Más allá de los debates sobre el verdadero mensaje del cristianismo original y de la figura de Jesús, queda claro que desde sus inicios la versión más universalista del nuevo cristianismo y basada en la tradición grecorromana liderada por Pablo de Tarso, el gran evangelizador de las grandes ciudades romanas, fue la gran vencedora, dejando atrás el más que probable mensaje original de Jesús centrado en una perspectiva inequívocamente judía y dirigida a proclamar la llegada del Reino de los Cielos, que 2.000 años después, los cristianos siguen esperando.

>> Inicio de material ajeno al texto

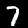
Digit: 7
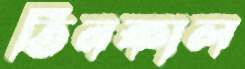
তিনকাল
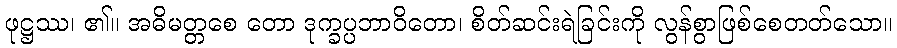
ဖုဋ္ဌဿ၊ ၏။ အဓိမတ္တစေ တော ဒုက္ခပ္ပဘာဝိတော၊ စိတ်ဆင်းရဲခြင်းကို လွန်စွာဖြစ်စေတတ်သော။
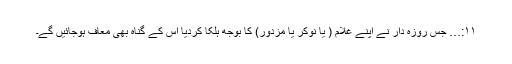
۱۱:… جس روزہ دار نے اپنے غلام ( یا نوکر یا مزدور) کا بوجھ ہلکا کردیا اس کے گناہ بھی معاف ہوجائیں گے۔
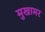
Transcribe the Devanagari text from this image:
मुखामर
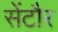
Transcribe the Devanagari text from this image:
सेंटौर
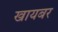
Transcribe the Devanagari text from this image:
खायबर
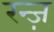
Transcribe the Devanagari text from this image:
रन्ज़्
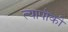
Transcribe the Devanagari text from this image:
त्यापौकी
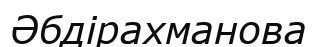
Әбдірахманова
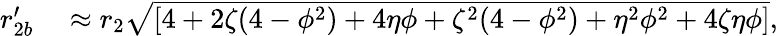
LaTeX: \begin{array}{rl}{r_{2b}^{\prime}}&{{}\approx r_{2}\sqrt{\left[4+2\zeta(4-\phi^{2})+4\eta\phi+\zeta^{2}(4-\phi^{2})+\eta^{2}\phi^{2}+4\zeta\eta\phi\right]},}\end{array}
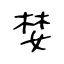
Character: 婪
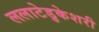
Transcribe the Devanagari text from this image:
ललाटेडुकेशरी
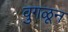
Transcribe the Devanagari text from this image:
वुगळून
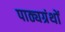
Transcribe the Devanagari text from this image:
पाठ्यग्रंथों
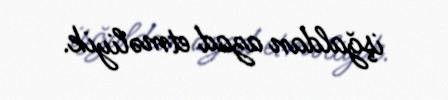
işğaldan azad etməliyik.
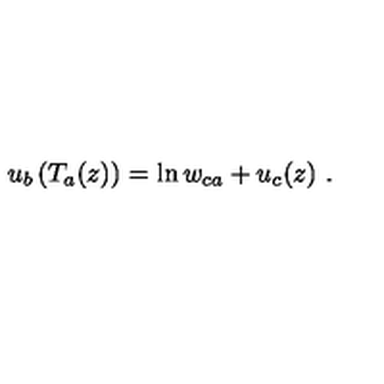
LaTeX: u _ { b } \left( T _ { a } ( z ) \right) = \ln w _ { c a } + u _ { c } ( z ) \ .
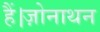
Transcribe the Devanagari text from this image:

Desde su inicios este cristianismo modelado por Pablo, un judío de tradición griega, fue bien acogido en las grandes capitales imperiales, siempre dispuestas a abrazar las nuevas religiones orientales tan de moda en la época, fuere el cristianismo, el mitraismo o las fascinantes divinidades egipcias, como ya habían hecho en su momento con todo el panteón de dioses griegos. El único problema que tenía el cristianismo es que proclamaba la existencia de un único Dios, un monoteísmo que tenía difícil cabida en la mentalidad romana de la época.
Si bien poco a poco el cristianismo fue ganando enteros en las capitales, sobre todo a partir del Edicto de Milan de Constantino (313), la situación en los ámbitos rurales fue totalmente diferente y parece que la supresión del paganismo duraría todavía siglos. Como hemos dicho, muchos de los ritos, tradiciones y calendarios festivos directamente se adaptaron al cristianismo, y lo mismo sucedió con el tradicional panteón de dioses paganos y los tradicionales lares y penates. Pese a ser una religión «teóricamente» monoteísta, el cristianismo posee una retahíla interminable de santos, vírgenes e incluso imágenes de Jesuscristo, adaptadas a los diferentes territorios, oficios, o afecciones que construyen un nuevo panteón de dioses, diosas y héroes-mártires muy similar a la tradición de las grandes religiones del mundo clásico grecorromano.
Por tanto, afirmar tajantemente que el cristianismo destruyó la cultura clásica es toda una temeridad, ya que el propio desarrollo del cristianismo está basado en la tradición grecorromana y más allá de la persecución de las creencias paganas, tanto la cultura, como la tradición política, legislativa e incluso arquitectónica siguió rindiendo tributo al mundo clásico incluso hasta nuestros días. En el libro de Nixey tenemos un relato vívido de muchos episodios tristes de persecución al paganismo y a ciertos elementos del mundo clásico, un mundo clásico que en muchos casos ya estaba en plena transformación, que sin duda conviene reinvindicar, recordar y sacar a la luz, pero nunca debemos olvidar el contexto histórico, político, económico y social de la Antigüedad Tardía.
La historia suele transitar siempre por grises, antes que blancos y negros, y este libro de Nixey es sin duda una oportunidad perdida para analizar en profundidad una etapa tan importante para la construcción de la religión cristiana y la desaparición de los ritos paganos en Occidente.